> What you are asked to do:
Copy everything in the records exactly; the pictures stay out.

> Data under study:
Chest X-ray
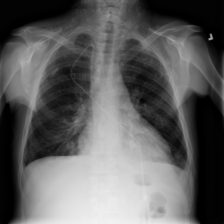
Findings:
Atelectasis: negative
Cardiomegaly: negative
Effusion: positive
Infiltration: positive
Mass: negative
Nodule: negative
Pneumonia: negative
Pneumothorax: negative
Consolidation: negative
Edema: negative
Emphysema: negative
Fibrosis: negative
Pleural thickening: negative
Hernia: negative
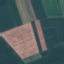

> Reply to the task:
Chest X-ray
Findings:
Atelectasis: negative
Cardiomegaly: negative
Effusion: positive
Infiltration: positive
Mass: negative
Nodule: negative
Pneumonia: negative
Pneumothorax: negative
Consolidation: negative
Edema: negative
Emphysema: negative
Fibrosis: negative
Pleural thickening: negative
Hernia: negative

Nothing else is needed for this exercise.